* Task instructions *
Of the material below, the lines to be retyped are those from the line containing "Practice test — question 4" through the line containing "Detect the grape", inclusive; reproduce them exactly.

*** Opening of Source data ***

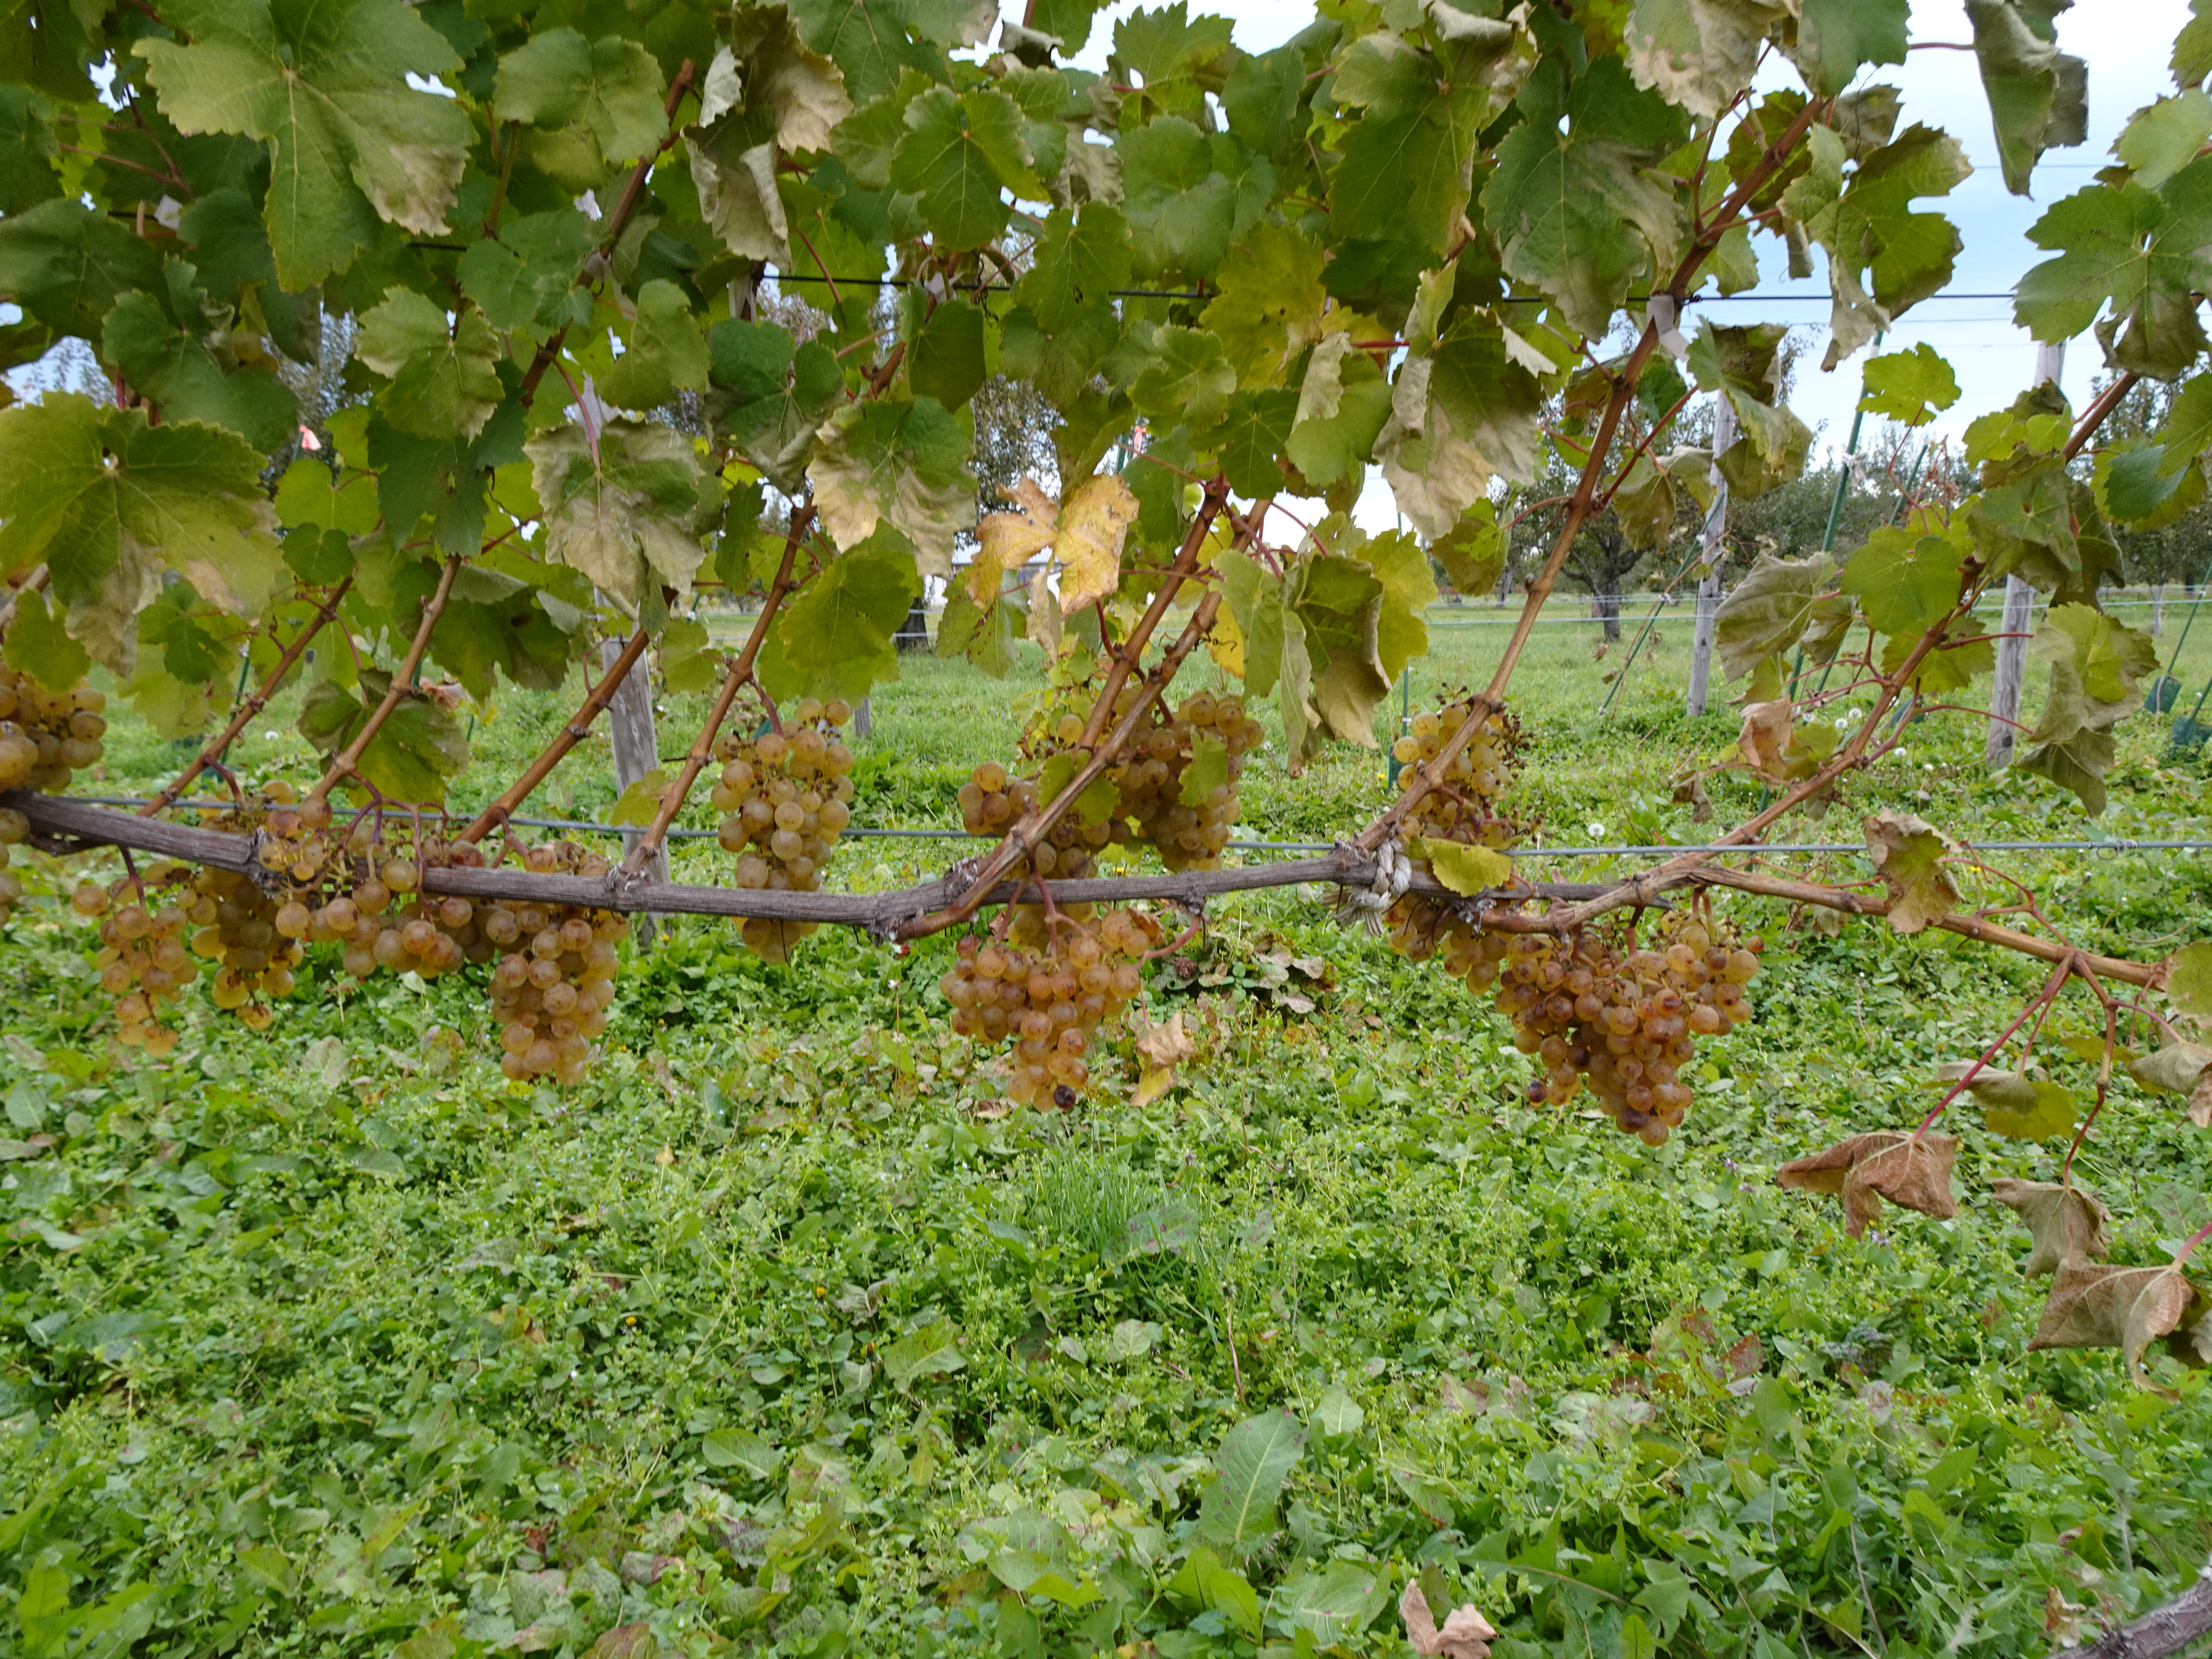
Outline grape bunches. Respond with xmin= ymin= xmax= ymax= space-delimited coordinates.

*** Close of Source data ***
*** Opening of Source data ***

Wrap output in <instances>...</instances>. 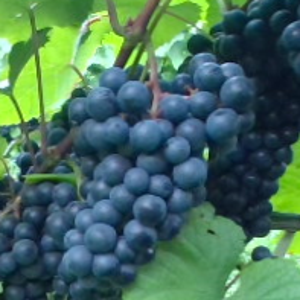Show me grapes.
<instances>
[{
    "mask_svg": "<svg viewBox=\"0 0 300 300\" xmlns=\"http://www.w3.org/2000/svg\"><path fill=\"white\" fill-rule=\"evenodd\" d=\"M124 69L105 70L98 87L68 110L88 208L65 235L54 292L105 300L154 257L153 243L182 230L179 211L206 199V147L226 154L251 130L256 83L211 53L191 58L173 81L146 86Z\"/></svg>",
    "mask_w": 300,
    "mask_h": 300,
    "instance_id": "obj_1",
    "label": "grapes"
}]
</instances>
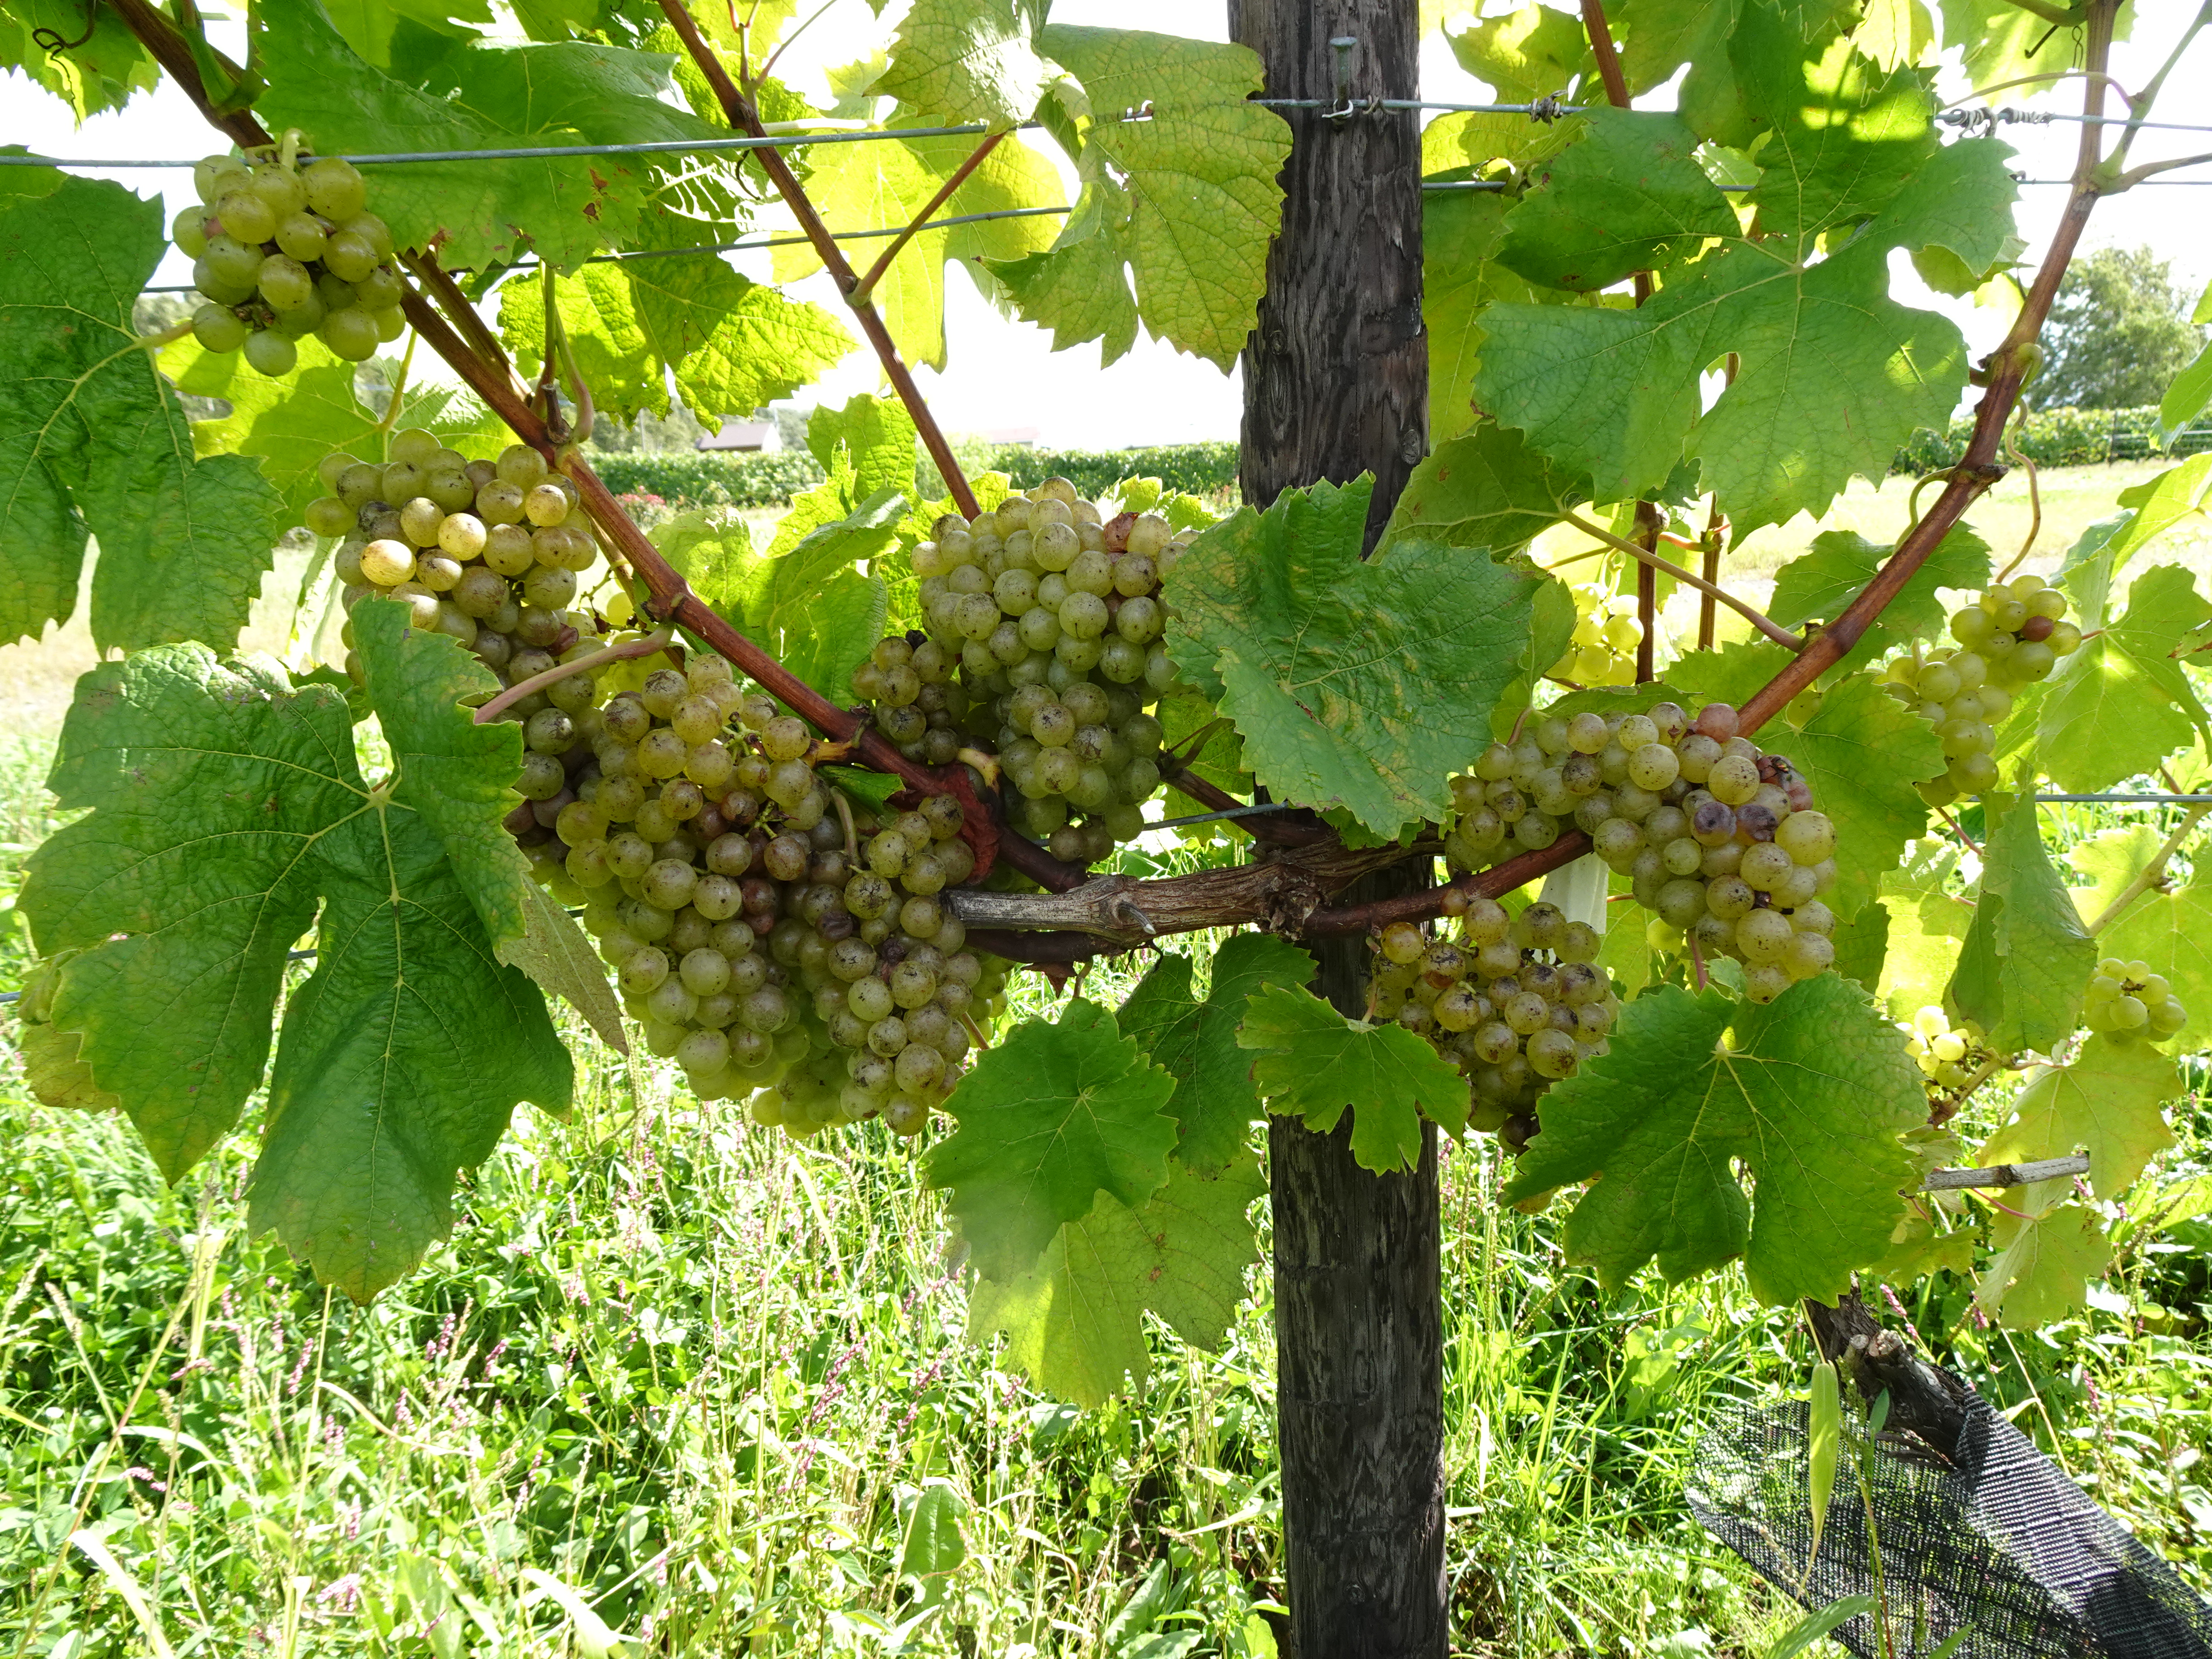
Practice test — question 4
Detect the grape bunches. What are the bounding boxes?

*** Close of Source data ***

* Expected answer *
Practice test — question 4
Detect the grape bunches. What are the bounding boxes?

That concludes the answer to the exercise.